◆ What you should do
With pictures omitted, the line containing "(278.0 sec)" and all later lines of the records below are to be restated word for word.

◆ Study material
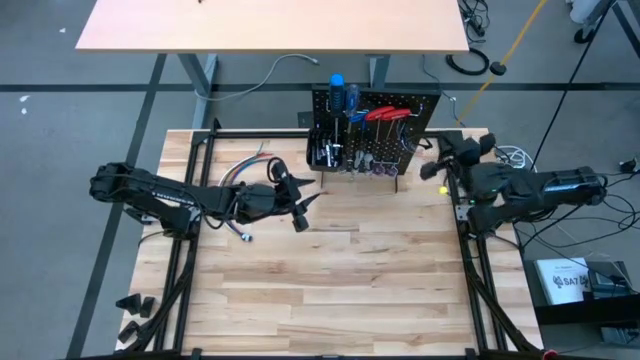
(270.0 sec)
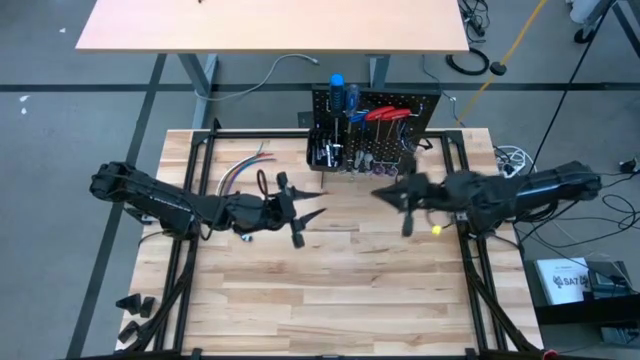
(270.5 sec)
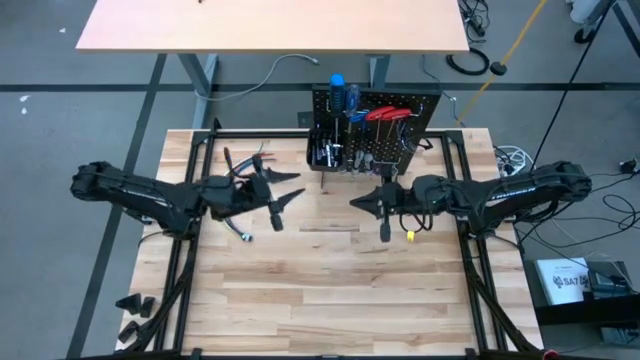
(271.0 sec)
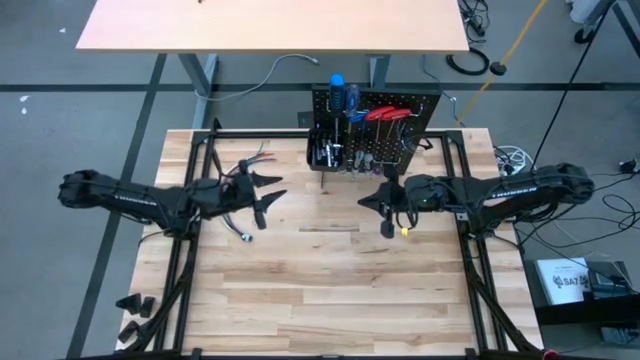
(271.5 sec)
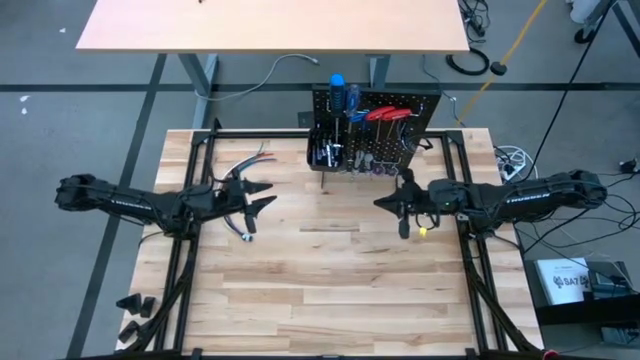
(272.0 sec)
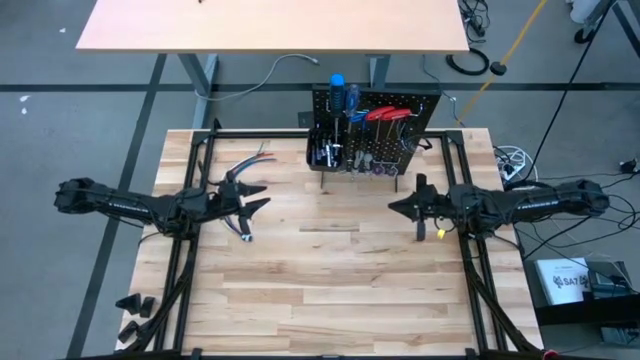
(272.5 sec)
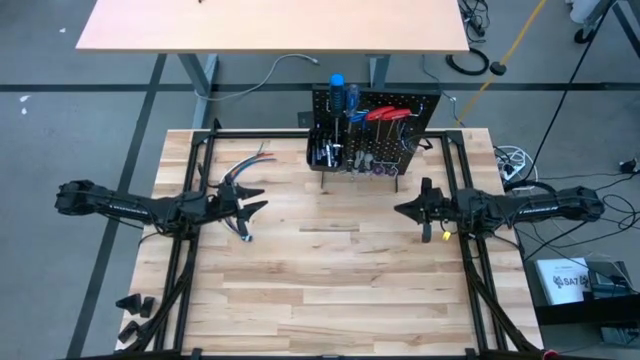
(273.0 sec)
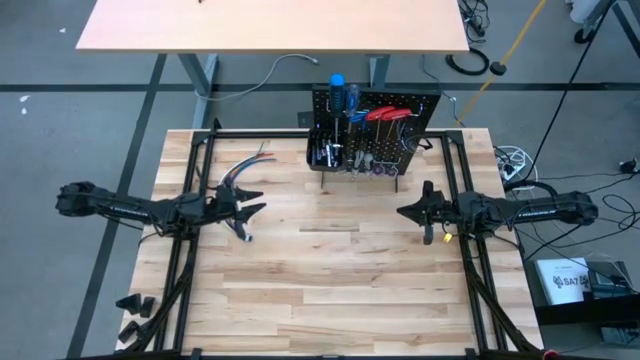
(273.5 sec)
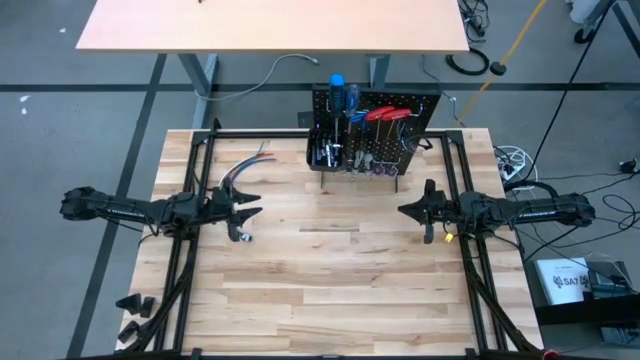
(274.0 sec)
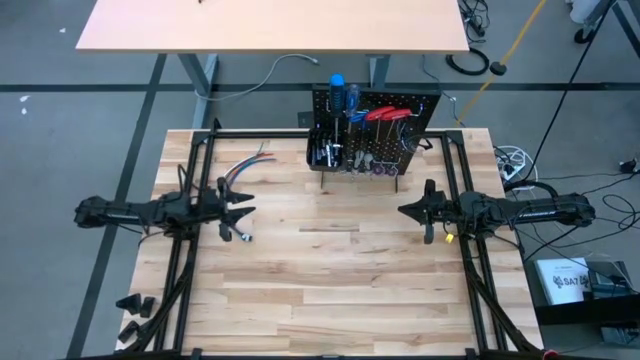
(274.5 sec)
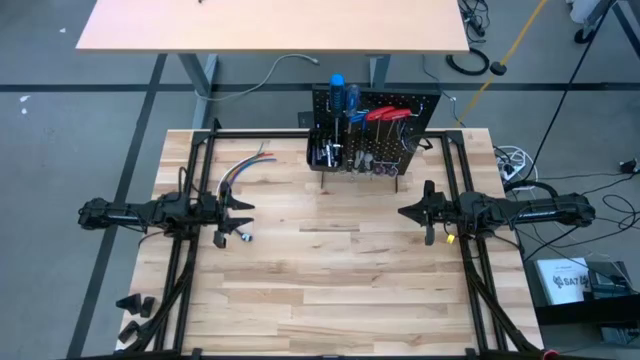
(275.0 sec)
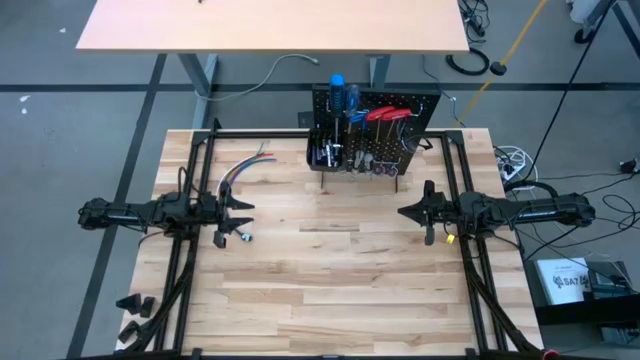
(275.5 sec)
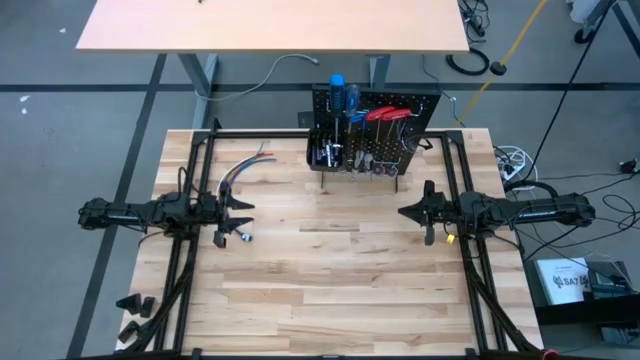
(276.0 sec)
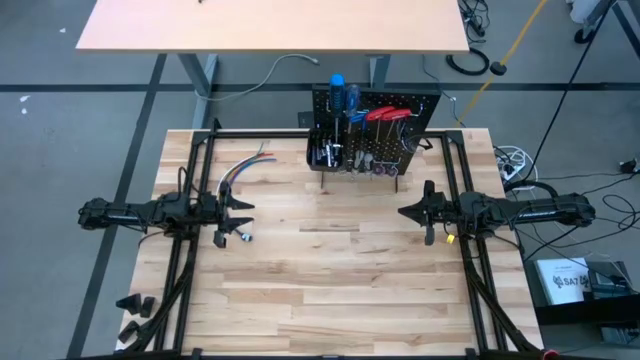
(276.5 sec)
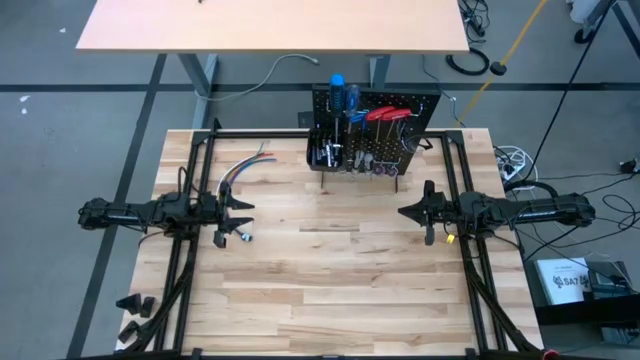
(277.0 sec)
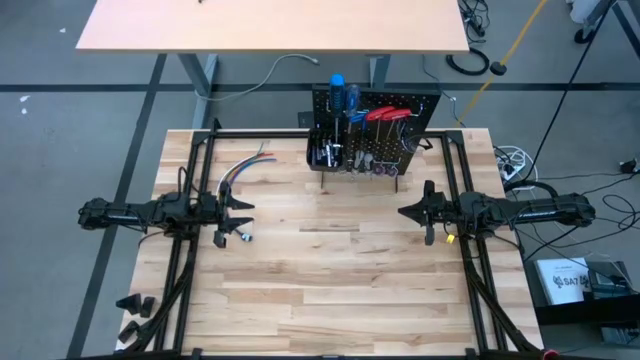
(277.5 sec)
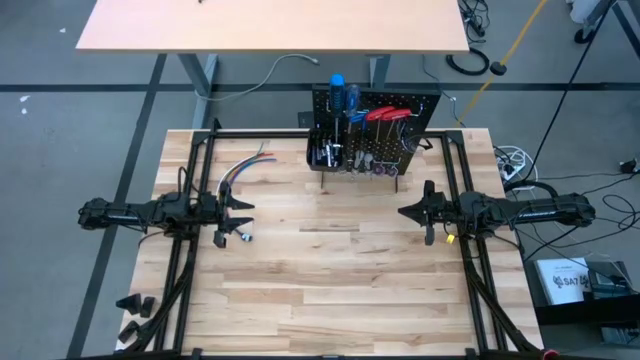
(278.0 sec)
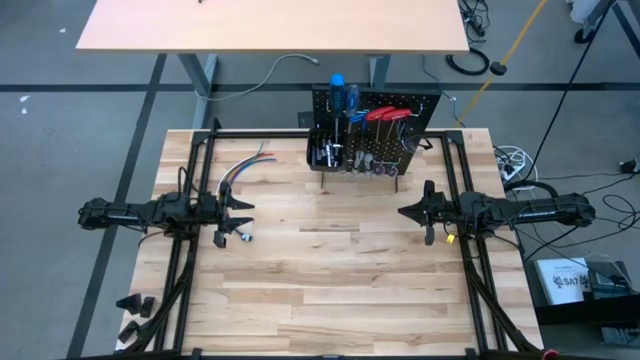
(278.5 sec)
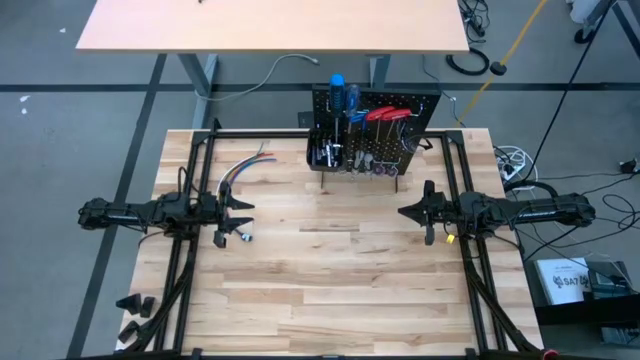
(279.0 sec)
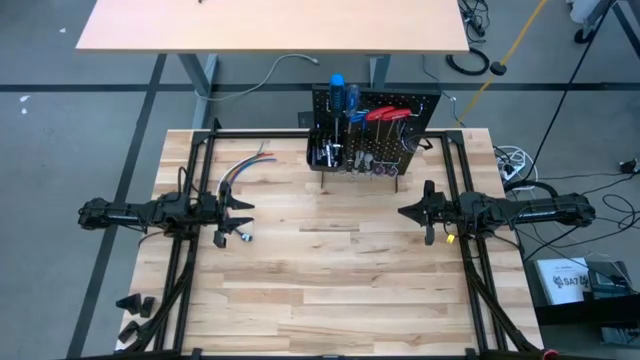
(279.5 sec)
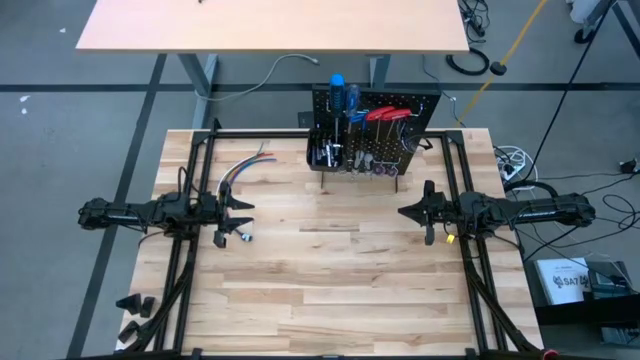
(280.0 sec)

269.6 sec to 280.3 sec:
Return to Home Position

◆ Answer to this exercise
(278.0 sec)
(278.5 sec)
(279.0 sec)
(279.5 sec)
(280.0 sec)

269.6 sec to 280.3 sec:
Return to Home Position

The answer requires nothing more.